Create environment with conda

conda create --name avp python=3
conda activate avp

# Install Programs
conda install -c bioconda mafft blast=2.9.0 trimal fasttree iqtree

# Install Python libraries
pip install numpy networkx pyyaml ete3 six biopython docopt pybedtools

[!] If you want to use diamond, download the latest version from here. Avoid installing with conda since sometimes it installs a very old version.

[!] The first time you run the program it will create a database for nodes and names from the NCBI

Databases

We recommend using BLAST with NR and Diamond with other databases.

NR

A copy of NR should be present in the system. See here on how to download NR.

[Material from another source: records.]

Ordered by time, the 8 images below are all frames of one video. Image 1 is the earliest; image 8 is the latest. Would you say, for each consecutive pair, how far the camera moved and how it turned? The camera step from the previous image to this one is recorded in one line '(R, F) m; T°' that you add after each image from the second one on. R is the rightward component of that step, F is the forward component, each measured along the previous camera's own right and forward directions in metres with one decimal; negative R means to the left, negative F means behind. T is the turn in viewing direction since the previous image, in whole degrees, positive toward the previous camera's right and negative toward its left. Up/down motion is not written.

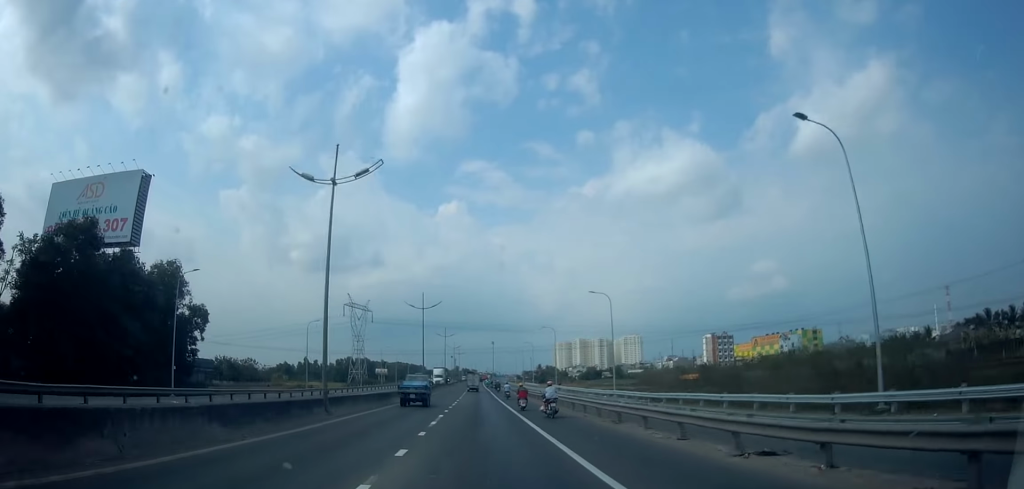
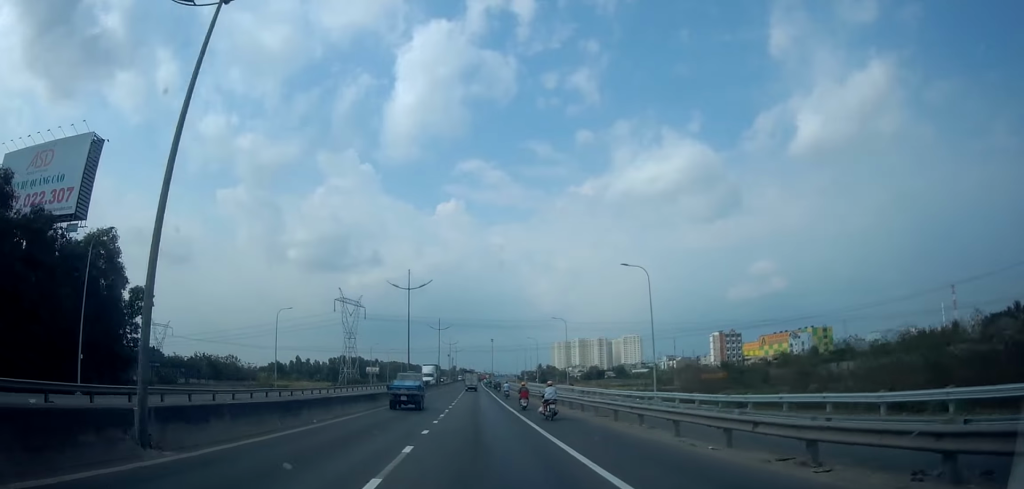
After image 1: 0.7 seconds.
(-0.4, +11.4) m; +1°
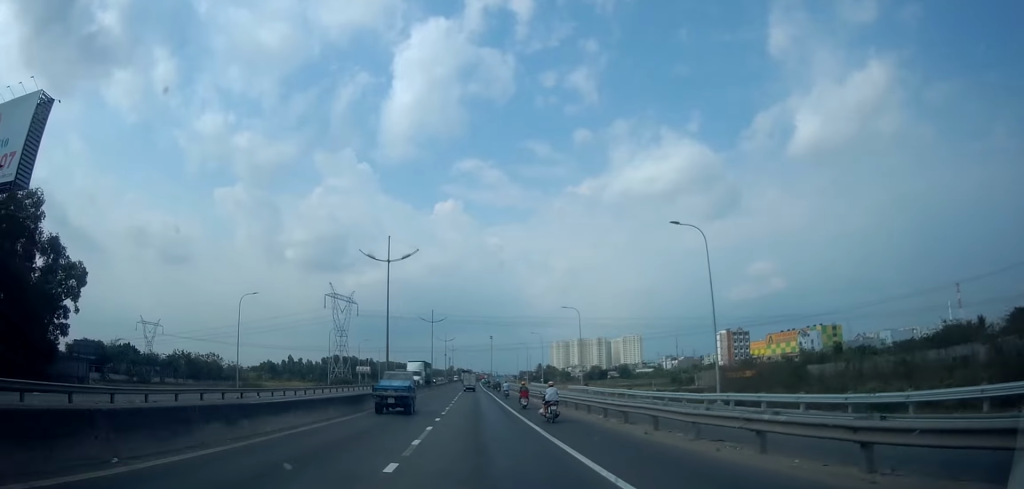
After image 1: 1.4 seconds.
(+0.5, +10.3) m; +2°
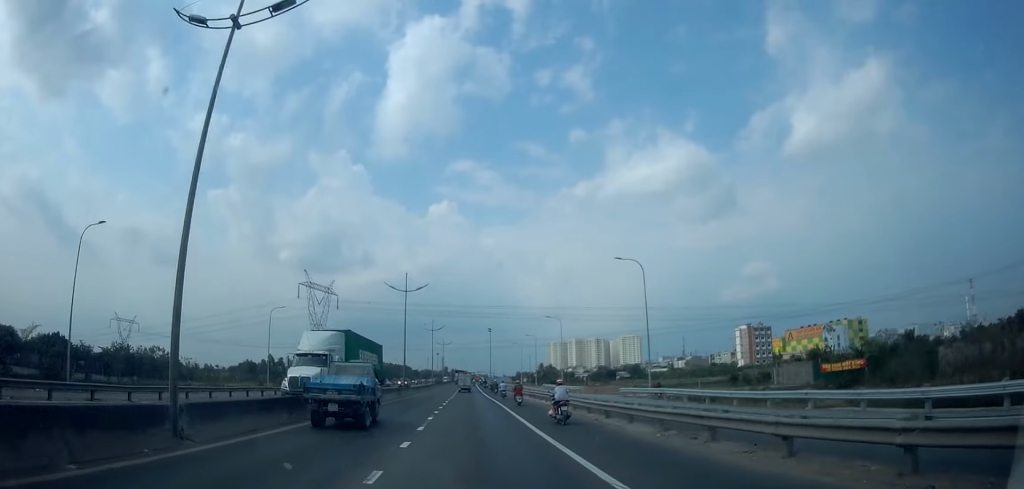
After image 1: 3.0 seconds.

If you want to use diamond with nr see (#11) (thanks to @bshrestha0)

Other databases

mkdir taxdump
tar xvf taxdump.tar.gz -C taxdump

Swissprot

Download SwissProt

#Create taxid file with acc2taxid.py
acc2taxid.py -i uniprot_sprot.fasta.gz -m swissprot > sp.taxids

#Makedb with diamond
diamond makedb --in uniprot_sprot.fasta.gz --taxonmap sp.taxids --db uniprot_sprot.fasta.dmnd --taxonnodes taxdump/nodes.dmp --taxonnames taxdump/names.dmp

Uniref90

Download Uniref90

#Rename headers with sed
sed 's/>/>Uniref90|/' <(zcat uniref90.fasta.gz) | gzip > uniref90.fasta.fixed.gz

#Create taxid file with acc2taxid.py
acc2taxid.py -i uniref90.fasta.fixed.gz -m uniref > un.taxids

#Makedb with diamond
diamond makedb --in uniref90.fasta.fixed.gz --taxonmap un.taxids --db uniref90.fasta.dmnd --taxonnodes taxdump/nodes.dmp --taxonnames taxdump/names.dmp

Custom databases

#Fasta headers should be in the following format 
>DB|Accession TaxID=Number (ex. >Uniref90|Q6GZX3 TaxID=654924)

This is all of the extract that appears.